Keep the text of the data exactly as it is and omit each picture from the copy.

Dataset records
:::
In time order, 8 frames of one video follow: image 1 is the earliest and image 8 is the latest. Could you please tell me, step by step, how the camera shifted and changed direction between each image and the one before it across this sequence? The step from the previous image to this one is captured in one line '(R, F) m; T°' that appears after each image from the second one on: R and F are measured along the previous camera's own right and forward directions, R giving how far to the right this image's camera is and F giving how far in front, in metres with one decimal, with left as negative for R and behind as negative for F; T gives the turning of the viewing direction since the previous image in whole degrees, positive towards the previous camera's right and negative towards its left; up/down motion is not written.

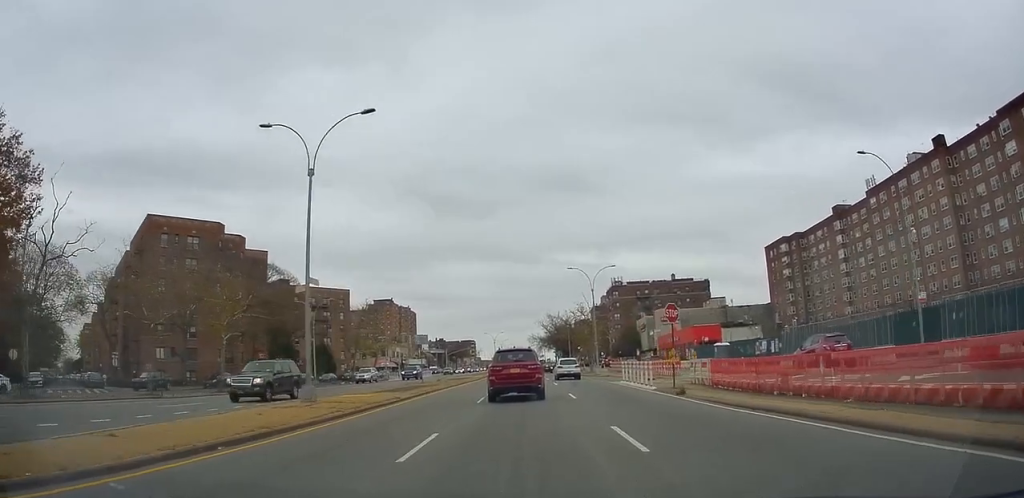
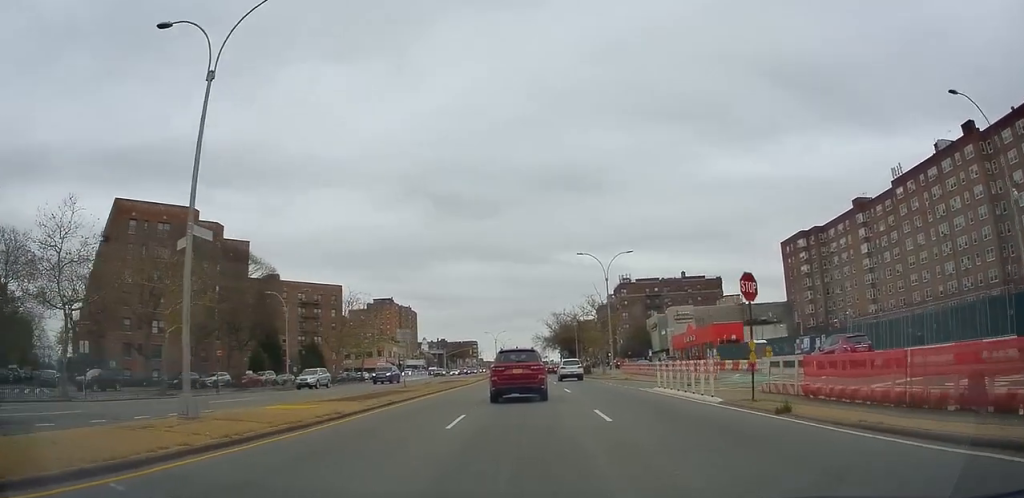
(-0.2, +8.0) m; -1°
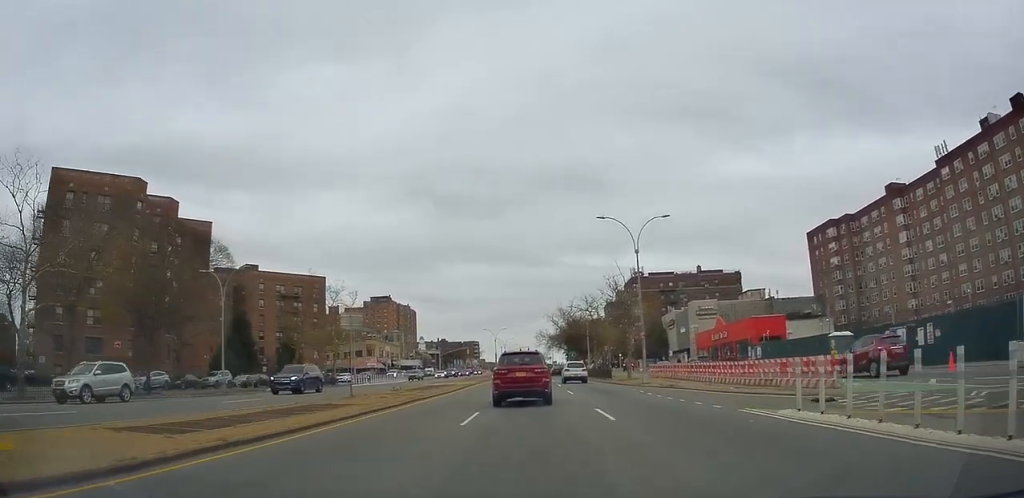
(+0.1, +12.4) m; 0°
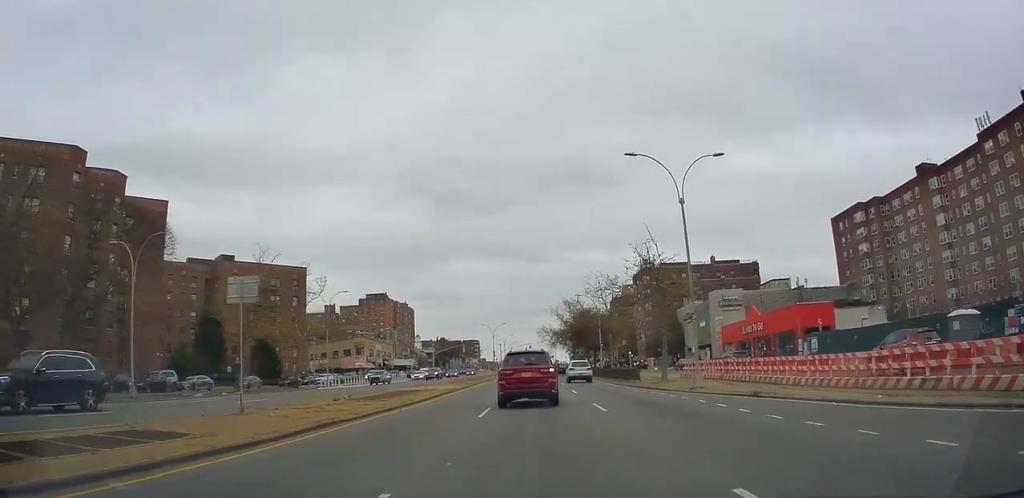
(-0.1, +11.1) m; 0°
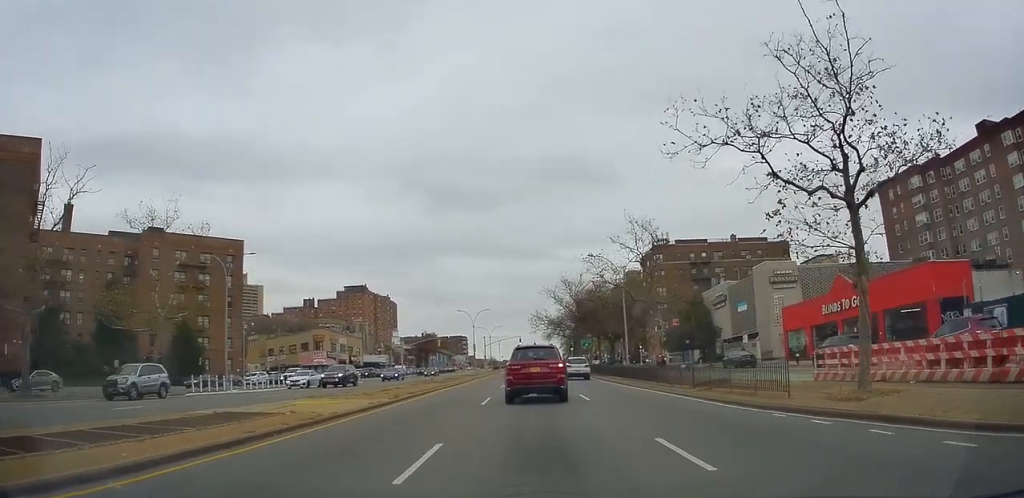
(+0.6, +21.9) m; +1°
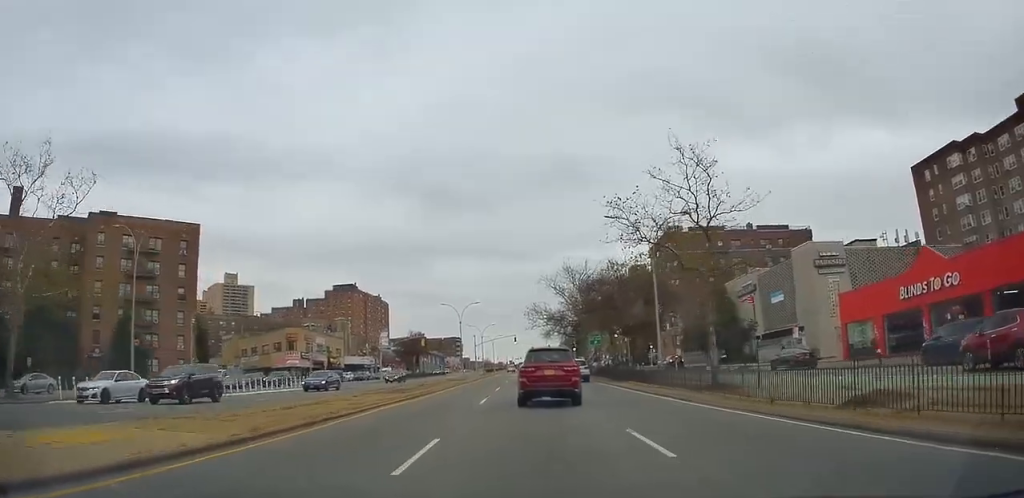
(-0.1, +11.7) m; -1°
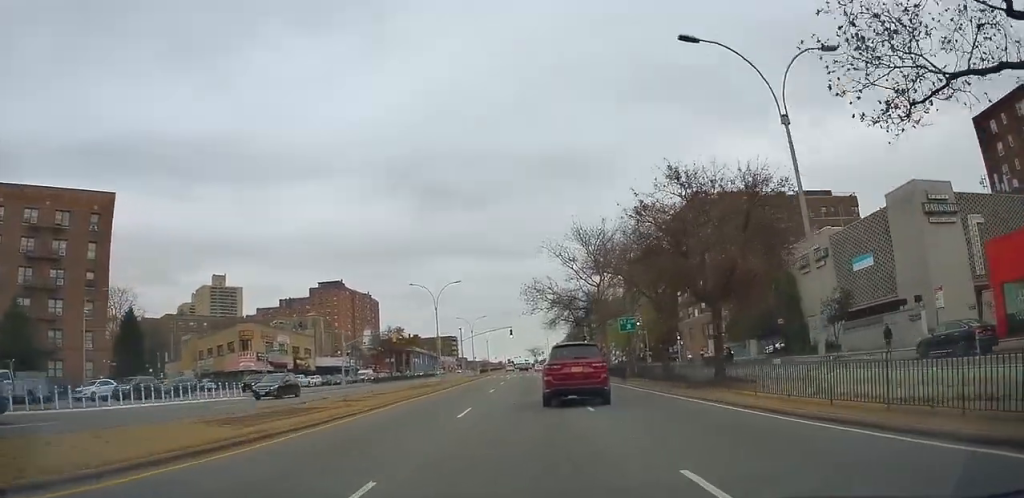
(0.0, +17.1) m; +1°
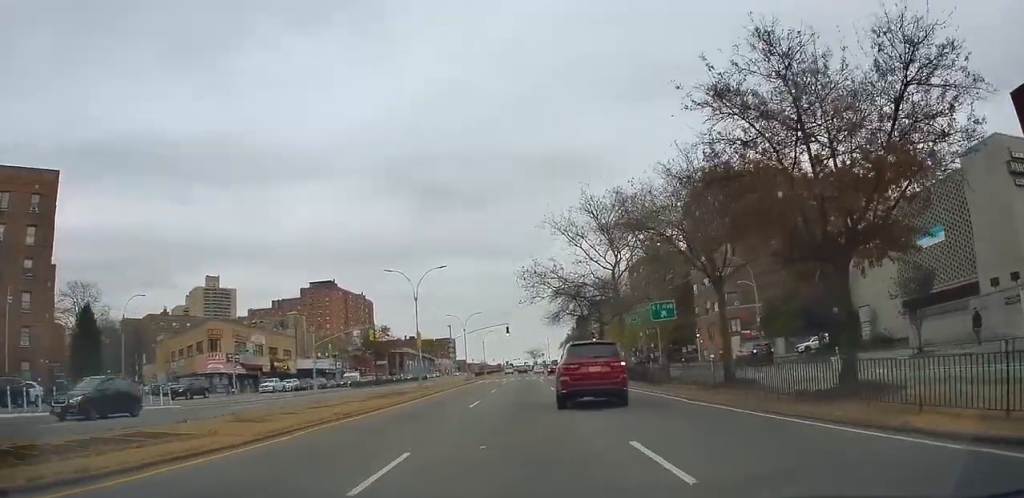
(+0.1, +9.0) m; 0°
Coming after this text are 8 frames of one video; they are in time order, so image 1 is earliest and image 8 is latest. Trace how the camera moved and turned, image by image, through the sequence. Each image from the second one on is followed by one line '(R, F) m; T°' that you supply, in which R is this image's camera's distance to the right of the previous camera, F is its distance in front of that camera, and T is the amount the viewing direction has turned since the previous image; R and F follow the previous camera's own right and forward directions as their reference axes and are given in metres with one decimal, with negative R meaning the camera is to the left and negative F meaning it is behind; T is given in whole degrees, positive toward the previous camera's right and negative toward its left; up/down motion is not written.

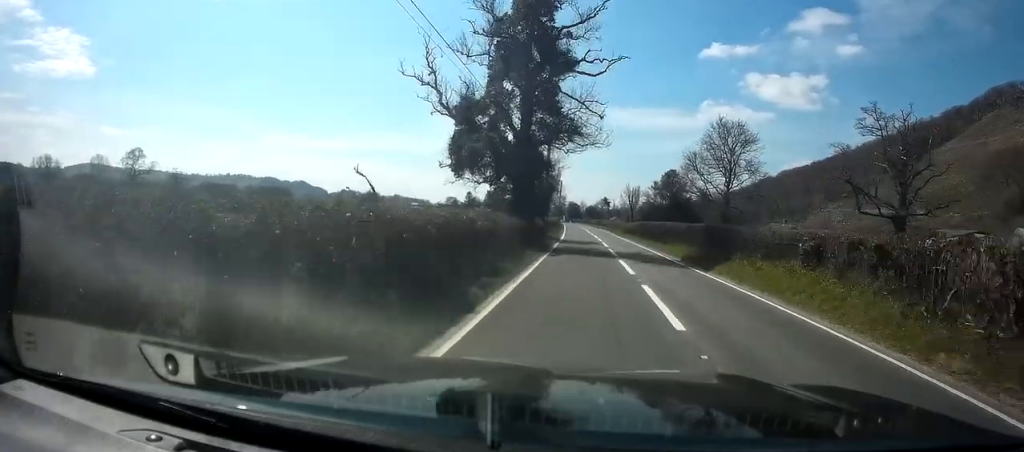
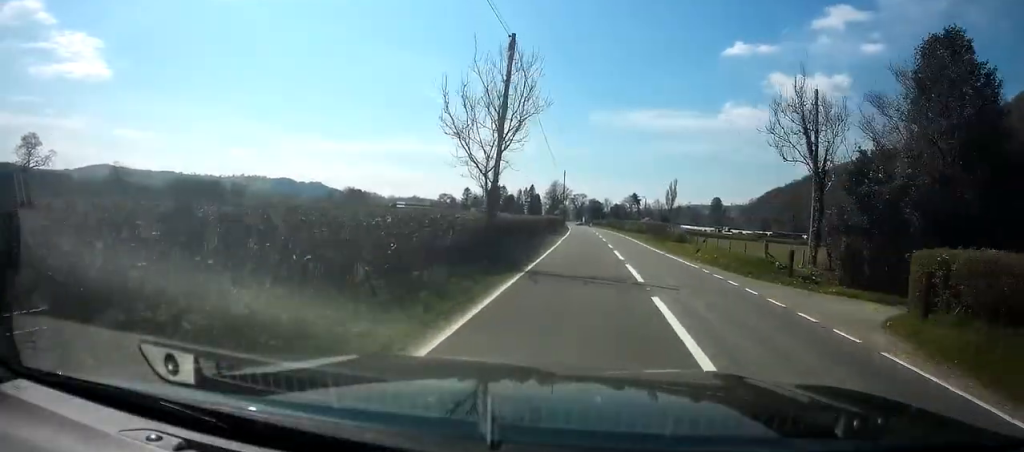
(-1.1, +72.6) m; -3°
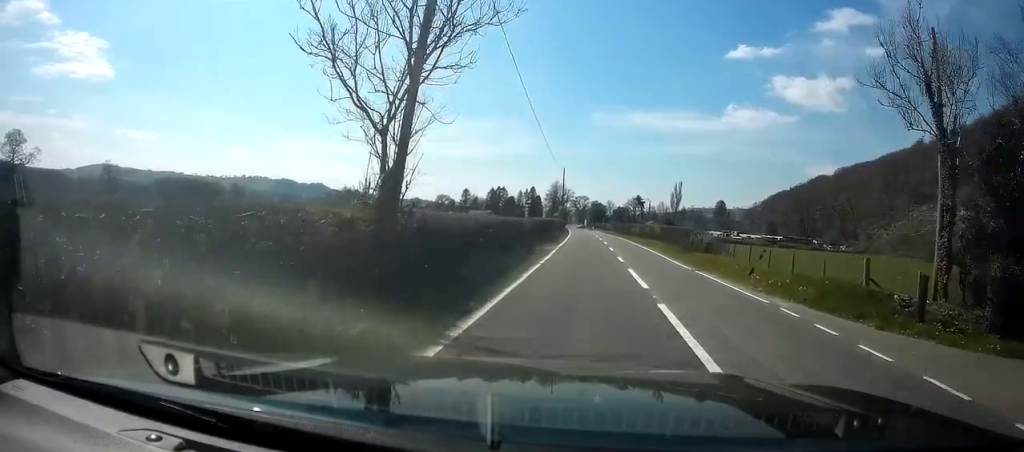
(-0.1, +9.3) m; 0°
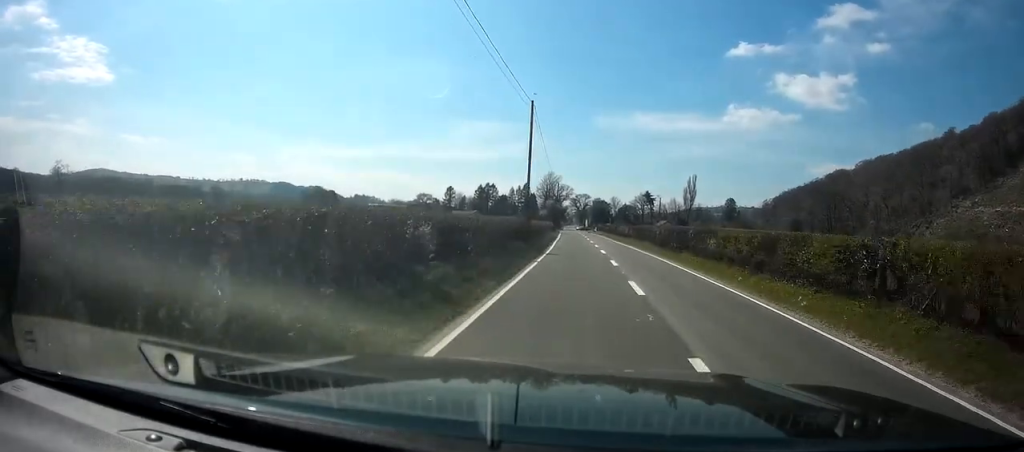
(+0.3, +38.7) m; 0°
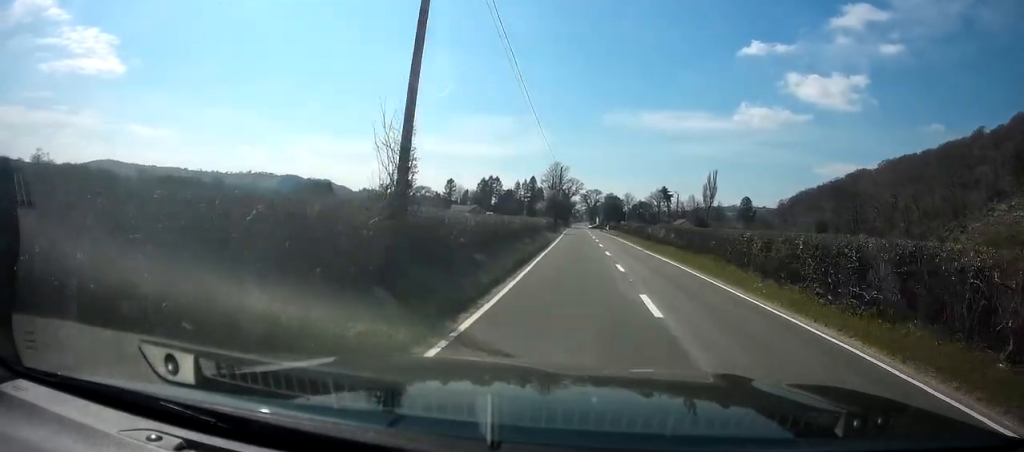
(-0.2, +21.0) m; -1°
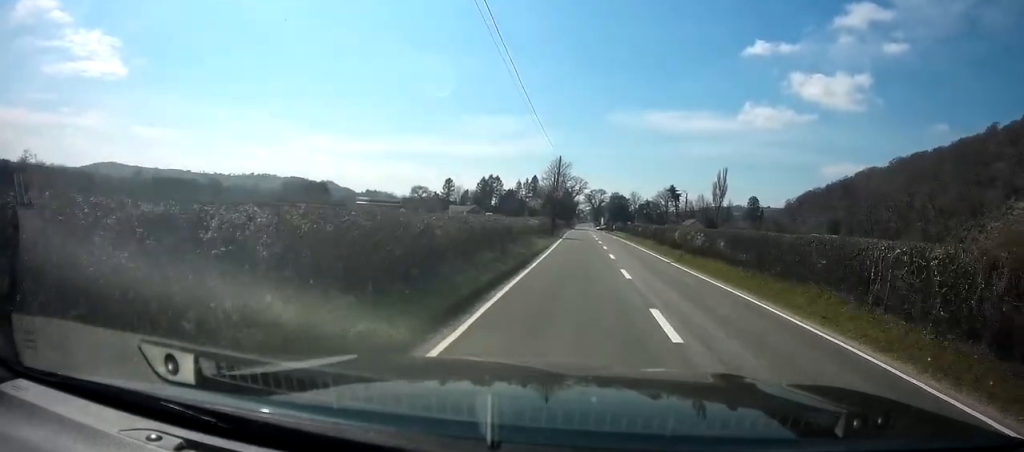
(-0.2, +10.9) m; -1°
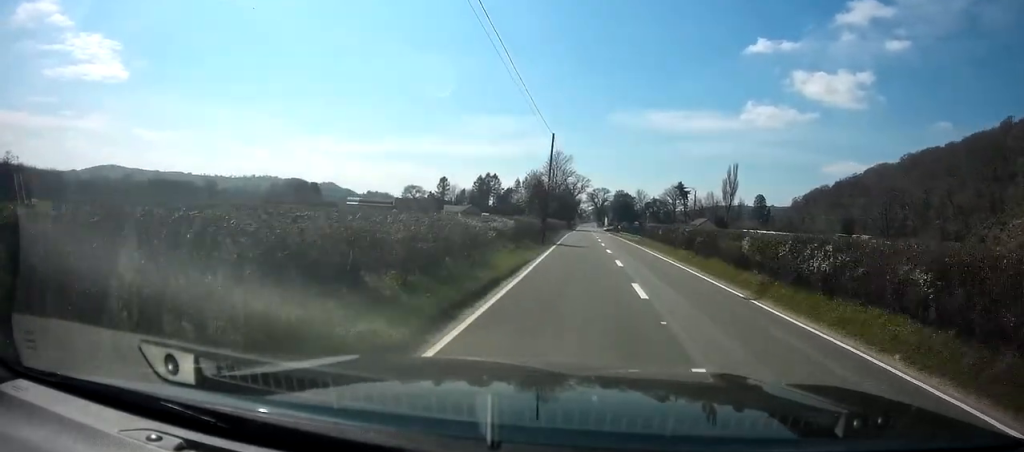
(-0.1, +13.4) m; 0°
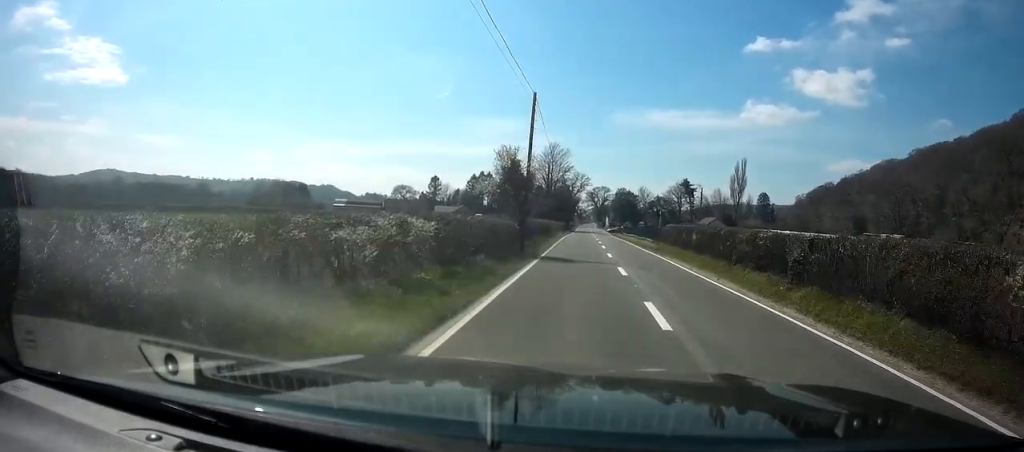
:::
### Exercise answer:
In time order, 8 frames of one video follow: image 1 is the earliest and image 8 is the latest. Could you please tell me, step by step, how the camera shifted and changed direction between each image and the one before it across this sequence? The step from the previous image to this one is captured in one line '(R, F) m; T°' that appears after each image from the second one on: R and F are measured along the previous camera's own right and forward directions, R giving how far to the right this image's camera is and F giving how far in front, in metres with one decimal, with left as negative for R and behind as negative for F; T gives the turning of the viewing direction since the previous image in whole degrees, positive towards the previous camera's right and negative towards its left; up/down motion is not written.

(-0.2, +8.0) m; -1°
(+0.1, +12.4) m; 0°
(-0.1, +11.1) m; 0°
(+0.6, +21.9) m; +1°
(-0.1, +11.7) m; -1°
(0.0, +17.1) m; +1°
(+0.1, +9.0) m; 0°
Coming after this text are 8 frames of one video; they are in time order, so image 1 is earliest and image 8 is latest. Trace how the camera moved and turned, image by image, through the sequence. Each image from the second one on is followed by one line '(R, F) m; T°' that you supply, in which R is this image's camera's distance to the right of the previous camera, F is its distance in front of that camera, and T is the amount the viewing direction has turned since the previous image; R and F follow the previous camera's own right and forward directions as their reference axes and are given in metres with one decimal, with negative R meaning the camera is to the left and negative F meaning it is behind; T is given in whole degrees, positive toward the previous camera's right and negative toward its left; up/down motion is not written.

(-1.1, +72.6) m; -3°
(-0.1, +9.3) m; 0°
(+0.3, +38.7) m; 0°
(-0.2, +21.0) m; -1°
(-0.2, +10.9) m; -1°
(-0.1, +13.4) m; 0°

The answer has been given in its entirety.